Pubdate: Tue, 26 Sep 2017
Source: Victoria Times-Colonist (CN BC)
Copyright: 2017 Times Colonist
Contact:  http://www.timescolonist.com/
Details: http://www.mapinc.org/media/481
Author: Jack Knox
Page: A3

WHEN IT COMES TO POT SALES, CHILL OUT AND GET IT RIGHT

They say B.C.'s pot laws have taken so long to sort out because May's
provincial election delayed the process.

Either that, or our guys were hot-boxing a van behind the legislature
and simply forgot to get it done.

In any case, Public Safety Minister Mike Farnworth left more questions
than answers Monday when, rather than unveiling the regulations many
expected, he merely announced a public consultation process.

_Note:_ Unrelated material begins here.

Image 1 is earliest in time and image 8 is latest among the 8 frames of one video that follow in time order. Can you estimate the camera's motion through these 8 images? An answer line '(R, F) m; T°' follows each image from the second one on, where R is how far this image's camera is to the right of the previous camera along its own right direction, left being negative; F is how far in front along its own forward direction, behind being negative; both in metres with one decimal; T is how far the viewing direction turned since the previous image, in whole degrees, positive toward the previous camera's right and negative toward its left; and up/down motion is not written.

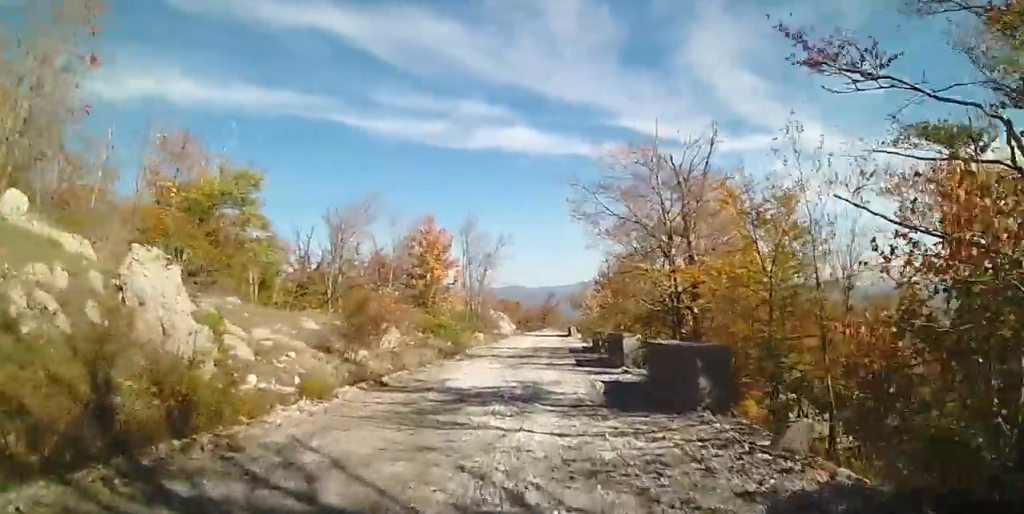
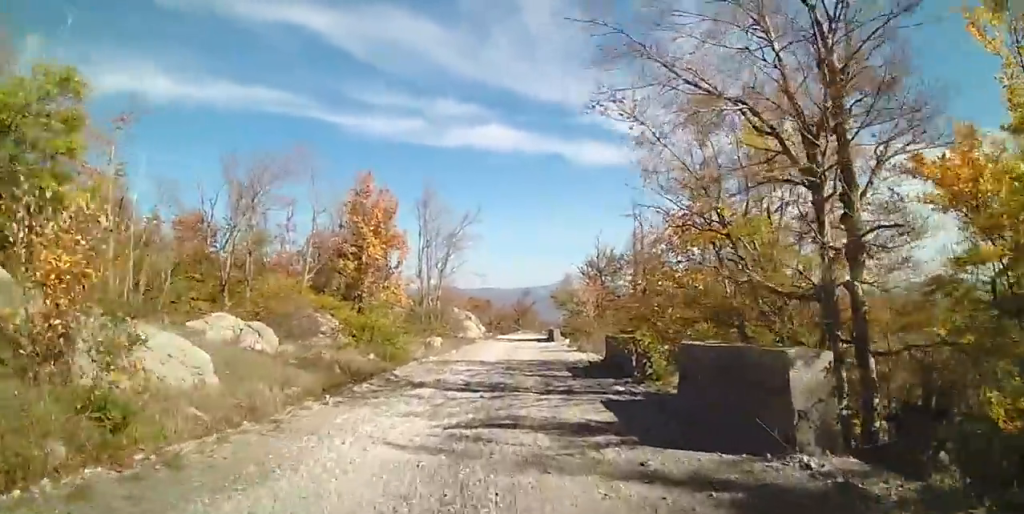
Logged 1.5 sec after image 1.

Ontario might already have its pot plans in place, but here in the
birthplace of B.C. Bud, we prefer a more relaxed approach: We'll
gather information from stakeholders and the public, or maybe listen
to a little Allman Brothers, until Nov. 1.

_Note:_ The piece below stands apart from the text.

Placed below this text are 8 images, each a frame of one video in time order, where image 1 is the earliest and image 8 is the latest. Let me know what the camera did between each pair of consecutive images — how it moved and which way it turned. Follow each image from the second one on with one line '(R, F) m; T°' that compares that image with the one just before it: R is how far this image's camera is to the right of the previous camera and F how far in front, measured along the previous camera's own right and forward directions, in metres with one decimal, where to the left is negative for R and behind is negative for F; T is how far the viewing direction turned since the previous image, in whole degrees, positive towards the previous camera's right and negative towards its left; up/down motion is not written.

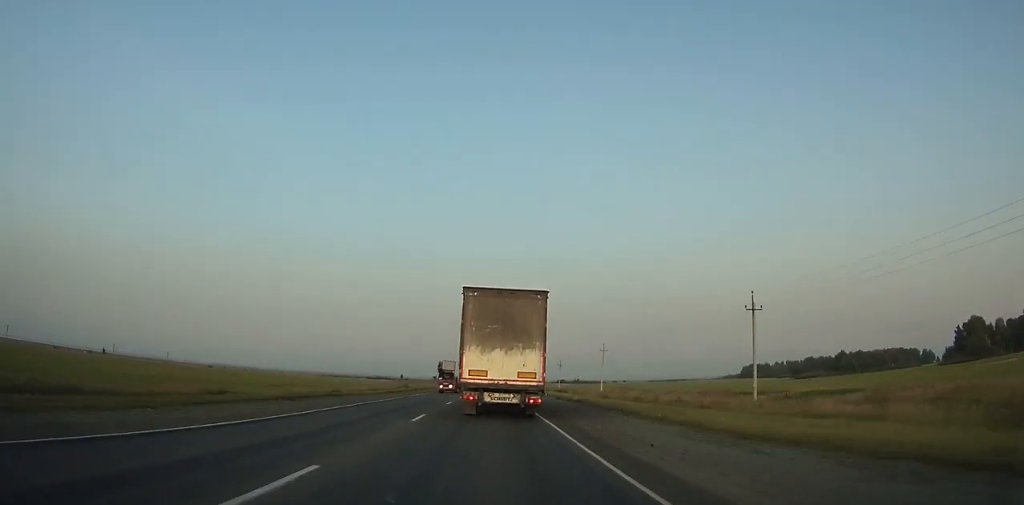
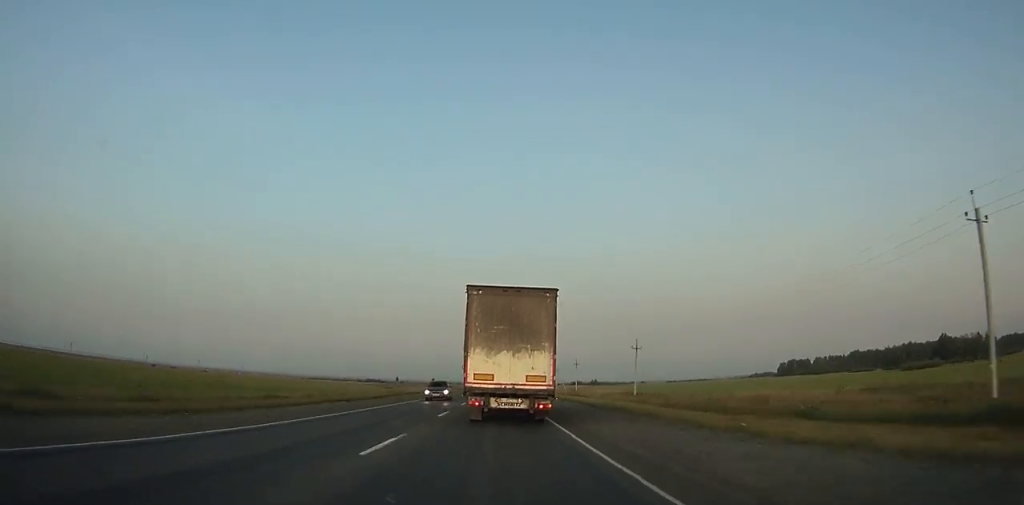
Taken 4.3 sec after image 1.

Here's what we know as the July 2018 legalization of recreational
marijuana nears. It will be up to Ottawa to determine who grows it. It
will be up to the provincial government to say how it gets distributed
and sold.

Some stuff will be standard across the province: enforcement,
possession limits, distribution, the age at which pot is legal. Ottawa
has set age 18 as the floor, but B.C. would probably harmonize that
with the drinking age, currently 19.

How marijuana will be distributed (liquor stores? pharmacies?
for-profit retailers?) has yet to be determined, though Farnworth did
note that unlike other provinces, B.C. has a well-established network
of pot shops. What he didn't mention was that the city of Victoria has
9,637 of them, while its immediate neighbours have none.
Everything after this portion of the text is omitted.